За соседним столиком начались братания и пьяный спор про футболистов.

– Извини. Я не знал.

– Хуже всего, что это опять наши, – ответила я, бросив короткий взгляд на наших соседей.

– Кто, «наши»?

– Украинцы.

– Ты украинка?

– Да.

– Почему «опять»?

– Сидели на днях с Любой в кафе – французском. Бумажные скатерти, тесные столики, все соседи как родные. Рядом сидит парень – чернявый, с залысинами. Рисует на скатерти карандашом. Отлично, притом, рисует – успела заметить я, снимая пальто. Оценила лысеющий блестящий затылок и решила: армянин.

– Женская логика.

– О мужской вообще никто не слышал. Я работаю в ювелирном доме, и все лучшие художники у нас – армяне. Серьезно. Ну, не смейся. И вот сидит он, значит, рядом, а Люба говорит – он с Западной Украины. Я утверждаю, что не может быть. Армянин же, решено ведь. А у него в это время звонит телефон, и он начинает туда тараторить. И когда он начал по матушке все пояснять, я поняла, что таки да. Наш. Я родилась во Львове, у меня там много родных, и я знаю, о чем говорю. А рисует он хорошо и выглядит так выразительно, потому что в семье не без еврея.

– Хе- хе.

– Решили убедиться. Спрашиваю: оттуда? Точно. Из Ивано-Франковска. Дальше – я впервые видела человека, который говорит больше и быстрее, чем я. Когда он сел на любимого конька про москалей-украинцев-гуцулов-евреев, я поняла, что спорить со мной не все рискуют не потому, что я права, а потому, что отдача, очевидно, замучает.

– И правда, что.

– И забыли, ладно? Но… он так много говорил. Что я подумала…

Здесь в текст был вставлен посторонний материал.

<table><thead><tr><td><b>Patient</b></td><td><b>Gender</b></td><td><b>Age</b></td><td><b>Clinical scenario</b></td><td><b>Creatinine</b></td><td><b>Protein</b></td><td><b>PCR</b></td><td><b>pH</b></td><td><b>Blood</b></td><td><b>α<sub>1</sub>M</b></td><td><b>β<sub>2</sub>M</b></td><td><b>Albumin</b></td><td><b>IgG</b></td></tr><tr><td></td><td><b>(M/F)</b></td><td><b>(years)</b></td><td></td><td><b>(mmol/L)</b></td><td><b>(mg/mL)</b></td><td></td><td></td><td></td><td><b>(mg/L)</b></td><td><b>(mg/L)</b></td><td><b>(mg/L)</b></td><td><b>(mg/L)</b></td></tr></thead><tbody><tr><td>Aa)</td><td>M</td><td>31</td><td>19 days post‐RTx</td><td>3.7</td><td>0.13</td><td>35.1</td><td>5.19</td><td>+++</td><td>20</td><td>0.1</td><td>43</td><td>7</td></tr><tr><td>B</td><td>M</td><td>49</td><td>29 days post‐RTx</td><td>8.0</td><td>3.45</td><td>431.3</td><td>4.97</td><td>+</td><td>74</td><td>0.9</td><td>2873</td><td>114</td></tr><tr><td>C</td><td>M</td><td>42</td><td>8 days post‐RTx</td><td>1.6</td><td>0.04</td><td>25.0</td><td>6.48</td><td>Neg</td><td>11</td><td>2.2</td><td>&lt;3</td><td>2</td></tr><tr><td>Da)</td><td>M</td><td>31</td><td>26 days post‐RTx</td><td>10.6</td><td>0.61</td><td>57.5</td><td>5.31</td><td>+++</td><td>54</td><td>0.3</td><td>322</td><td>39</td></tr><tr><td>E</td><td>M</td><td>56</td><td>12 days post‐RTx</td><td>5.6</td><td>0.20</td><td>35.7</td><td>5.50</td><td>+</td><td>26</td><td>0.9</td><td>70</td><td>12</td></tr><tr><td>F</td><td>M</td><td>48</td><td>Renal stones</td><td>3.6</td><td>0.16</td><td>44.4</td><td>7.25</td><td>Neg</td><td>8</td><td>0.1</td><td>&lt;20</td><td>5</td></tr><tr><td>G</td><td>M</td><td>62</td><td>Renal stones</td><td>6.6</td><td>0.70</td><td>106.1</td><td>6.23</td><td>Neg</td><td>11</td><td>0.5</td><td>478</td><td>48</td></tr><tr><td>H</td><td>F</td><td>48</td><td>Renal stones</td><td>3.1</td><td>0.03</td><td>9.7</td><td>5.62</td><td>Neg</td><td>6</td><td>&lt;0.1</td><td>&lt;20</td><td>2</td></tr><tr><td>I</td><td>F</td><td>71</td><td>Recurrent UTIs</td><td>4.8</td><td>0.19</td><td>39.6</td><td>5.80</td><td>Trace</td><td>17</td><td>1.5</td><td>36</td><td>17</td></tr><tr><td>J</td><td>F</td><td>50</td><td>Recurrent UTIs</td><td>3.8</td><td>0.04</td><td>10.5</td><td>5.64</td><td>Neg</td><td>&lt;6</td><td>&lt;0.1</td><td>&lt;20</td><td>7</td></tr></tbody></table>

В этот момент за соседним столом знатоки футбола громко расцеловались. Я посмотрела на них и сказала.

– Знаешь, раньше я записывала пьяные диалоги. Мужское соленое слово. Все такое.

– Потом перестала?

– Ага.

– Поняла, что список тем ограничен?

– Точно.

– Список тем для мужских разговоров, как и список сюжетов в литературе… Сколько их там?

– Кажется, не больше двадцати.

– Примерно по этой причине я перестал напиваться с друзьями до икоты…

– Уважаю.

– Теперь мы курим траву. Хм. А этот, который много говорил. Что ты подумала?

– Да, извини, – опомнилась я. – Мне стало интересно, почему у него вдруг открылись шлюзы. Ведь сидел же раньше, никого не трогал, не тянуло его поговорить. А тут – целая лекция, будто… Не знаю. Думаю, это про то же, что у этих футболистов рядом. Иллюзия вожделенной общности. Мне каждый раз кажется, что она не про взрослых людей, а про подростков – определять себя через группу, к которой принадлежишь, и пытаться размазать всех представителей других групп.

Кола кончилась. Виски тоже. За соседним столом обозвали Малафеева, наметился повод для драки.

Дима спросил:

– Продолжать будем?

– Думаю, нет. Боюсь окончания банкета.

– Ты про соседний столик или про наш?

– Проси счет, – улыбнулась я.

В прокуренном тамбуре он, затягиваясь, сказал.

– В группах легче самоутверждаться. Круг сужен, тебе не нужно побеждать целый мир, достаточно показать, что ты крутой, вполне определенному числу лиц. И все. Ты мужчина.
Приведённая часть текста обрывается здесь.